Subdirect Products, Little Ideal

Little Ideal

A little ideal is a nonzero ideal that is contained in every nonzero ideal of R. If R has a little ideal, the intersection of any set of nonzero ideals is nonempty, and R cannot have a nontrivial subdirect product. Conversely, if all nonzero ideals intersect in 0, let each act as a kernel K_i, and build the nontrivial subdirect product representation S_i = R/K_i. Thus R is subdirectly irreducible iff it has a little ideal.

If R is a division ring, or even a simple ring, R is subdirectly irreducible.

The direct product of two or more rings is never subdirectly irreducible. Intersect the ideals R₁*0 and 0*R₂ and get 0.

Dedekind Domain

A dedekind domain does not have a little ideal (the square of such an ideal is smaller), hence it is not subdirectly irreducible. For a nontrivial representation, map R onto R/M^j for M a maximal ideal and arbitrarily large exponents j. The intersection of this descending chain of kernels is 0, so R embeds. Alternatively, map R onto R/M for infinitely many maximal ideals M. Nothing can be in all these ideals at once.
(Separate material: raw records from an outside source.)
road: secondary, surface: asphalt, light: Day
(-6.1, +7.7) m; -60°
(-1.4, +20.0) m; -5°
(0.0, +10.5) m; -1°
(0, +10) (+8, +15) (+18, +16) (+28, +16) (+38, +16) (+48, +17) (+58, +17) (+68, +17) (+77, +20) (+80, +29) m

Mod out by M^j, and R/M^j becomes subdirectly irreducible. The little ideal is the image of M^j-1.

Semisimple

If R is semisimple, it is subdirectly irreducible iff it is the direct product of only one simple ring. We already said direct products are out, and a simple ring has its one and only ideal as a little ideal.

Group Ring

If R is not subdirectly irreducible then neither is the group ring RG. Let K_i be a collection of kernels of R that intersect in 0. Let these act as coefficients on the elements of G, whence K_iG become ideals in RG that intersect in 0.

Prime Ring

Let R be prime with nonzero socle H. We will show H is a little ideal, whence R is subdirectly irreducible. Let I be any ideal and let M be a minimal left ideal. Since I*M is a left ideal inside M, and since I*M is nonzero (R is prime), then I*M = M. Of course I*M lies in I since I is an ideal, hence I contains M. This holds for every M, hence I contains H.
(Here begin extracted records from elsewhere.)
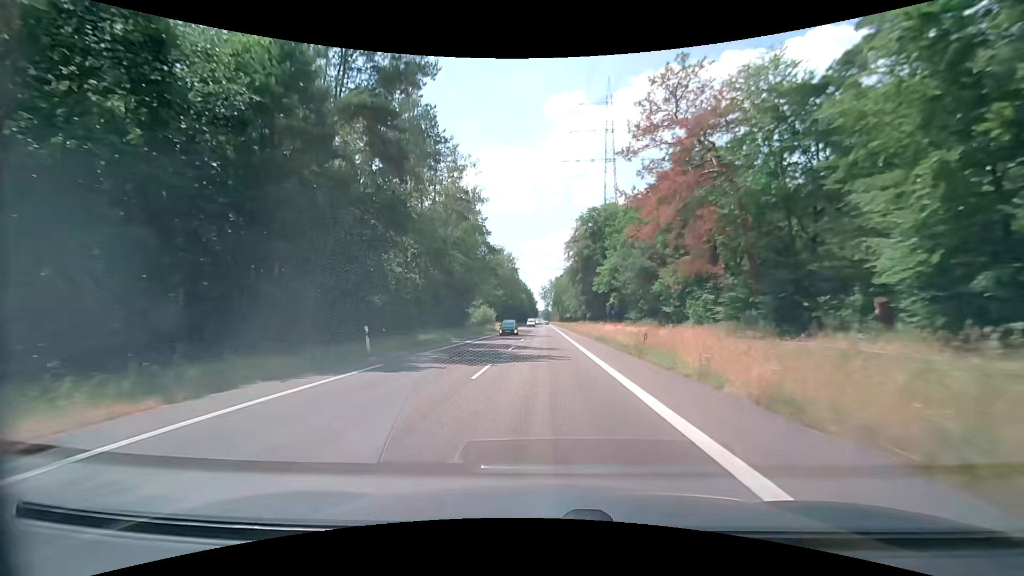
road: secondary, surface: asphalt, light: Day
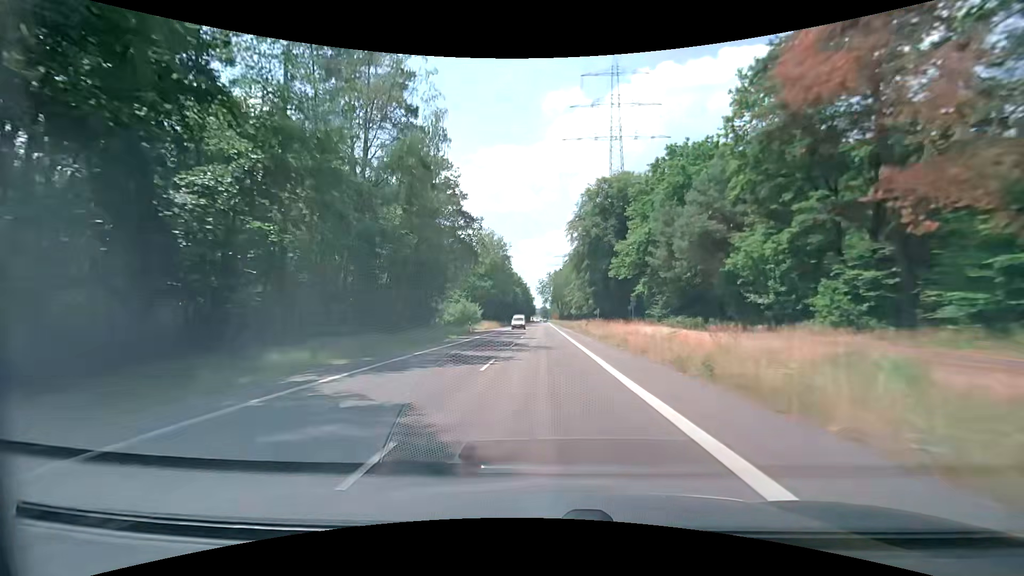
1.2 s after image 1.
(0.0, +21.2) m; 0°
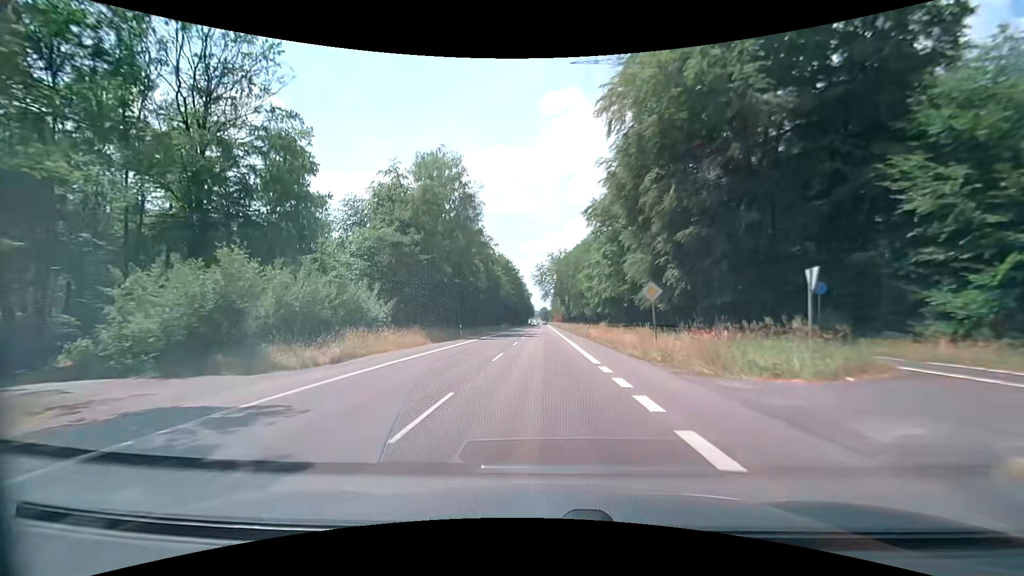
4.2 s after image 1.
(0.0, +53.1) m; 0°
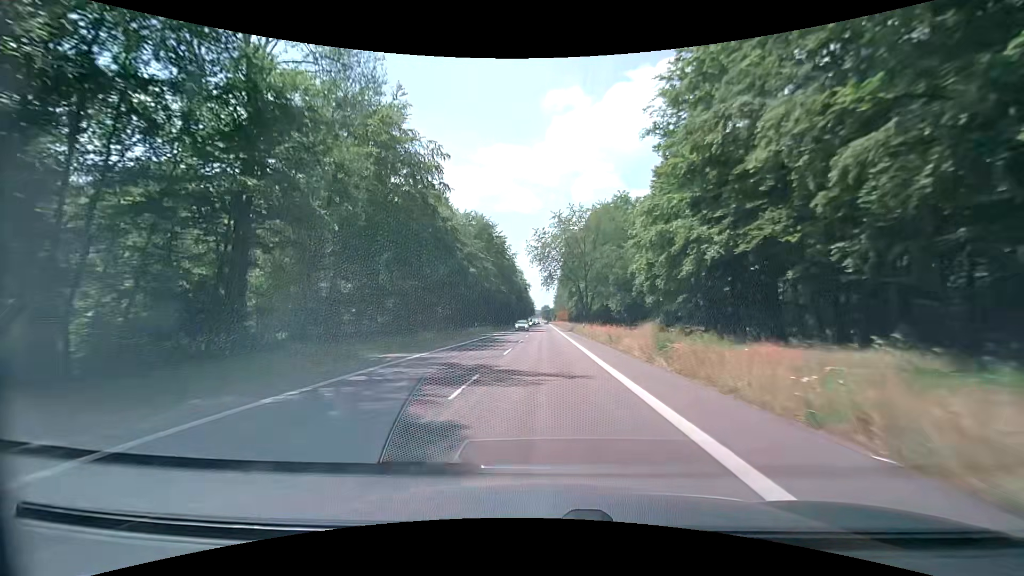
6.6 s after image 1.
(-0.2, +42.5) m; -1°
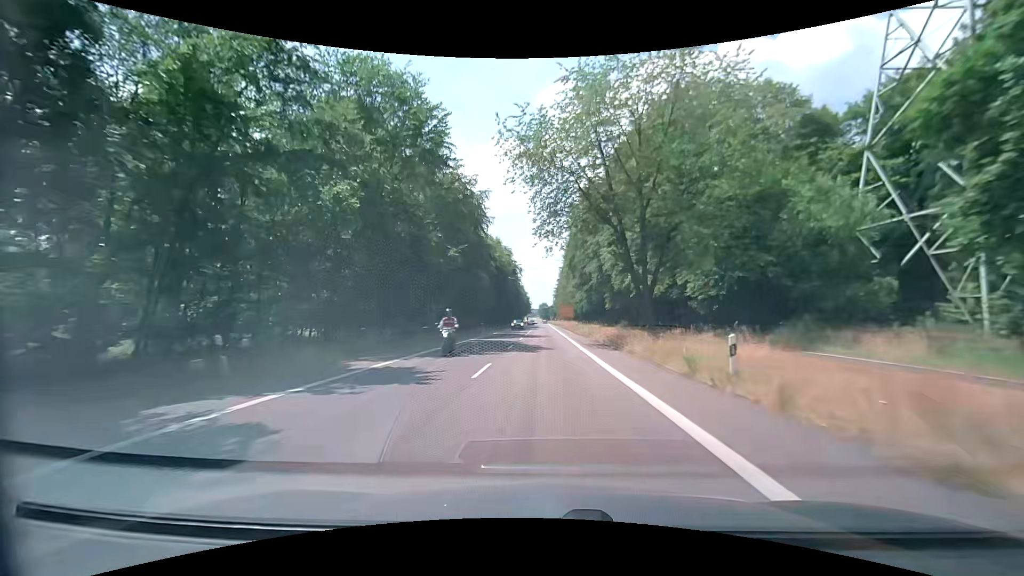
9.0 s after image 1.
(+0.8, +42.5) m; +1°
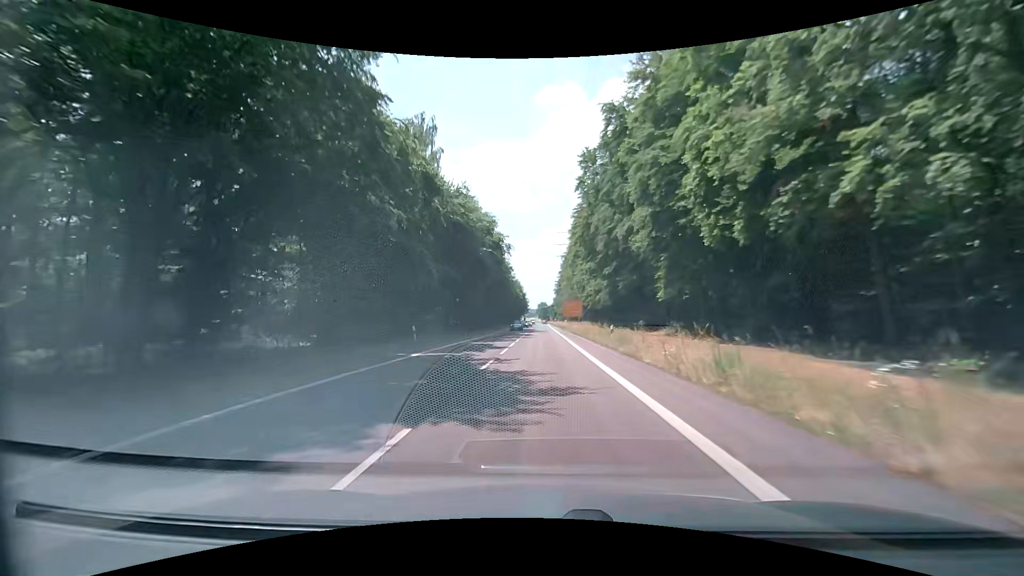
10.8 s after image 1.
(+0.1, +31.9) m; 0°
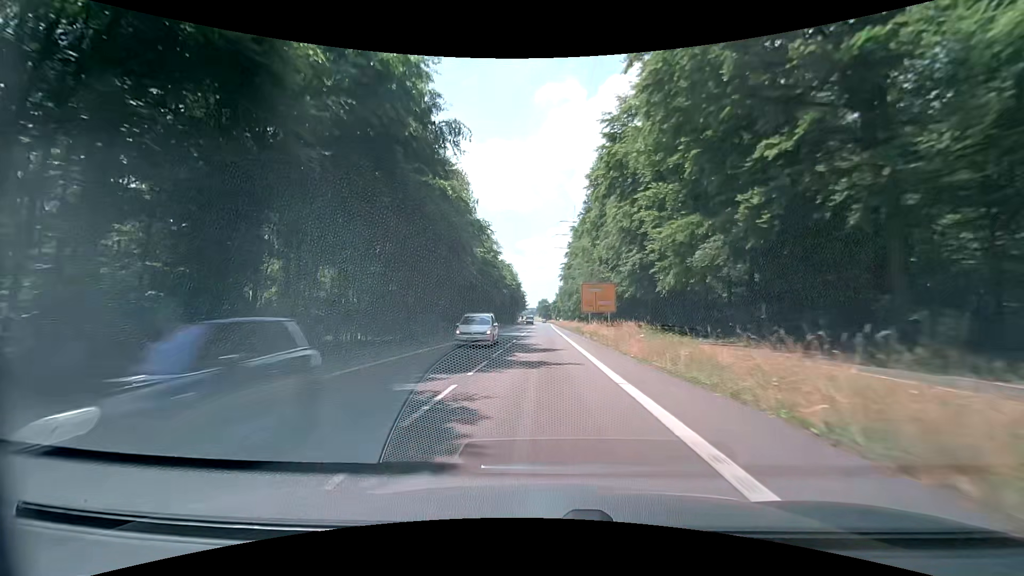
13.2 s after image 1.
(+0.4, +42.4) m; +1°

The converse does not hold. Let R be simple, which Implies R is prime. Assume R is not left artinian. Being simple, R is subdirectly irreducible. Its socle H is either 0 or R. Suppose it is R. Then a finite sum of elements, from a finite set of minimal left ideals, equals 1. These are simple left ideals, and simple modules are pairwise disjoint. Thus R is the finite sum of simple left ideals, R is a semisimple ring, and R is left artinian. This is a contradiction, hence H = 0. A prime ring can have a 0 socle and still be subdirectly irreducible.

K[x]

If K is a division ring that is nonalgebraic over its center, K[x] is left primitive. Since it is a left pid, any ideal can be squared to get something smaller. There is no little ideal, and the ring is not subdirectly irreducible.

Reduced and Commutative

If R is reduced and commutative, it is subdirectly irreducible iff it is a field. Let x lie in the little ideal. Since x² is not zero, it generates the same little ideal, hence x²*y = x for some y. Multiply through by y, and (xy)² = xy. Remember that x²y = x, and x is nonzero, hence xy is a nonzero idempotent. There can be no nontrivial idempotents, else R is a direct product of rings, with no little ideal. Thus xy = 1, x is a unit, and the little ideal is all of R. There can be no smaller ideals, other than 0, hence R is a field.